Israël heeft van de Here God een bijzondere schat gekregen: de Tenach, het oude of eerste Testament. Israël is het uitverkoren volk van de drie-enige God, aan wie de verbonden en daarin de beloften zijn toevertrouwd. Paulus schrijft in de Brief aan de Romeinen de sterke woorden:

Immers, zij zijn Israëlieten, hunner is de aanneming tot zonen en de heerlijkheid en de verbonden en de wetgeving en de eredienst en de beloften; hunner zijn de vaderen en uit hen is, wat het vlees betreft, de Christus, die is boven alles, God te prijzen tot in eeuwigheid. Amen
(Rom. 9:4-5).

Gods opdracht aan Israël

Hiermee is tegelijk gezegd, dat hunner ook is de verkondiging van het Evangelie, de diakonia tou logou (= de bediening van het Woord). Zij mogen uit Gods beloften leven en in deze verbanden hun God dienen. Door alle tijden en situaties heen. Israël is het volk, aan wie de Here God zijn hart en Messias heeft gegeven. Christus is immers gekomen tot het zijne en wilde door de zijnen aangenomen worden (Joh. 1:11). Zij vormen door de eeuwen heen het volk van Gods verbond, waar de Here God eeuwen lang zijn verlossend en richtend Woord heeft laten klinken. Dit Woord is in hun bestaan diep ingedrongen, heeft dat gekleurd. Zij komen daar niet meer los van. Zij hebben dit Woord ook de tijden door overdacht en bestudeerd. De weg van behoud is hen niet vreemd. Die ligt duidelijk voor hen, in Gods openbaring van het Oude Testament vervat. Hen geldt ook de opdracht Gods Evangelie te brengen aan de volken. Het is mee de roeping van Israël en de Joden dit Evangelie een banier en licht te doen zijn voor de volkeren (zie o.a. Jes. 11:10-12; 13:2; 62:2, 10; 42:6; 49:6 enz.). De meeste discipelen van de Here Jezus, die het bevel kregen het Evangelie in de gehele wereld te verkondigen (zie: Matth. 28:19; Markus 16:15; Lukas 24:47-48; Hand. 1:8), waren van Joodse afkomst en in de Schriften onderwezen.

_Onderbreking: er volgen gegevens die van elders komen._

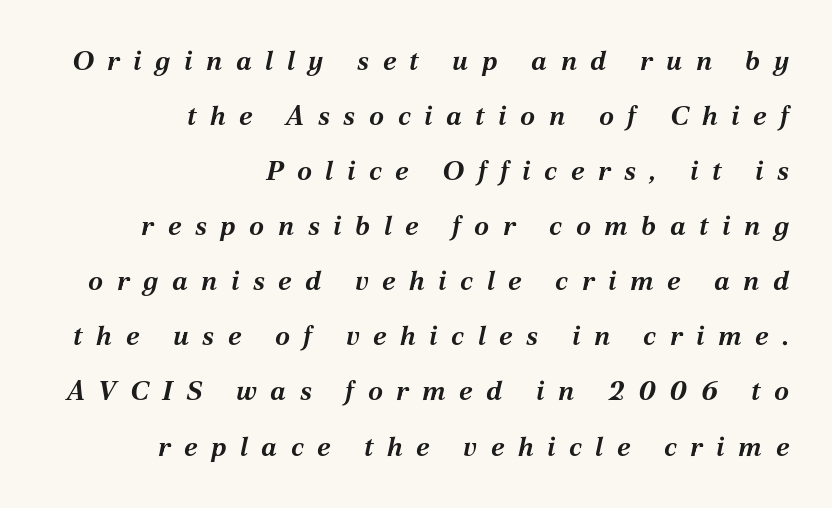
{"italic": "yes", "lean": "right", "slant_degrees": 12, "bold": "yes", "underline": "no", "align": "right", "line_spacing": "loose", "line_spacing_ratio": 2.04, "letter_spacing": "wide", "letter_spacing_em": 0.5, "glyph_px": 27}

En aan de geroepenen uit de volkeren

Nu is ook aan de geroepenen uit de volkeren deze opdracht gegeven. Zij hebben het Woord van God ontvangen om dat allereerst voor zichzelf en hun nageslacht te onderzoeken en zo God meer en meer te leren kennen. En dan ook dat zij het Woord van de vergeving, verlossing en vernieuwing zullen, ja moeten doorgeven aan hen, die dat nog niet kennen.

Zo hebben Joden en Christenen dezelfde opdracht: het Woord van God te onderzoeken en door te geven. Dat is hun gemeenschappelijkheid!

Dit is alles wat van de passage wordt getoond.